- **Directions for this task**: Only the lines from the one containing "Aerial imagery of" to the end of the data below belong in the answer, each repeated exactly; no pictures.

Collection entries
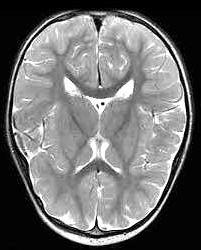
Label: notumor
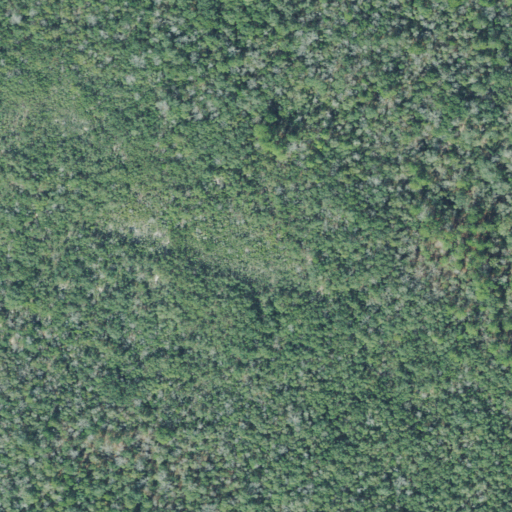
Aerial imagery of ridge(s) in Georgia named Big Hammock containing woody wetlands and evergreen forest
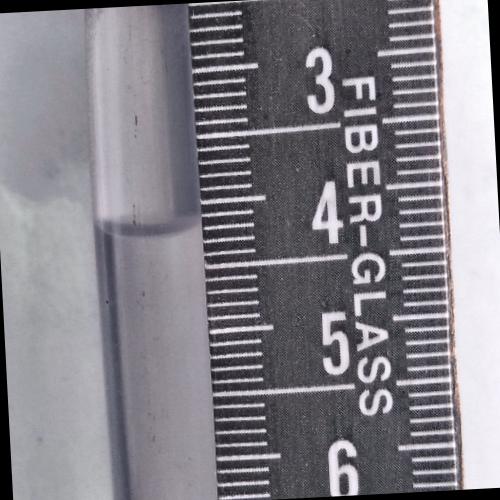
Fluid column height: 4.2 cm
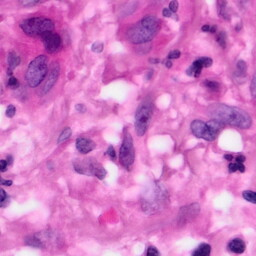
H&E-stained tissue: Pancreatic
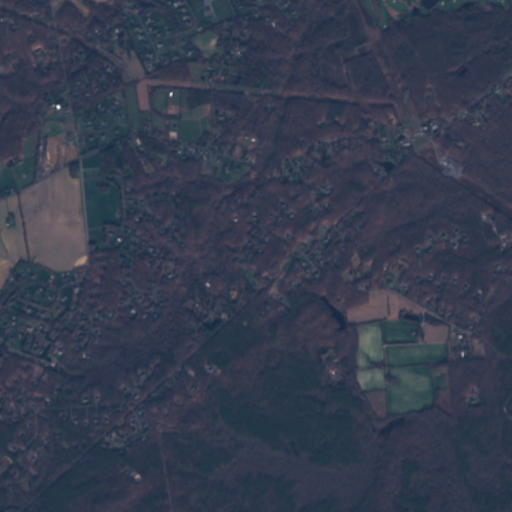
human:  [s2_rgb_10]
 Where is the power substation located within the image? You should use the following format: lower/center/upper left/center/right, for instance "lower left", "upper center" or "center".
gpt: The power substation is located in the upper right of the image.
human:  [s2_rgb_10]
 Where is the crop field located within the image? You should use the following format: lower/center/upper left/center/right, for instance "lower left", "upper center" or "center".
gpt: There is no crop field in the image.

- **Solution**:
Aerial imagery of ridge(s) in Georgia named Big Hammock containing woody wetlands and evergreen forest
Fluid column height: 4.2 cm
H&E-stained tissue: Pancreatic
human:  [s2_rgb_10]
 Where is the power substation located within the image? You should use the following format: lower/center/upper left/center/right, for instance "lower left", "upper center" or "center".
gpt: The power substation is located in the upper right of the image.
human:  [s2_rgb_10]
 Where is the crop field located within the image? You should use the following format: lower/center/upper left/center/right, for instance "lower left", "upper center" or "center".
gpt: There is no crop field in the image.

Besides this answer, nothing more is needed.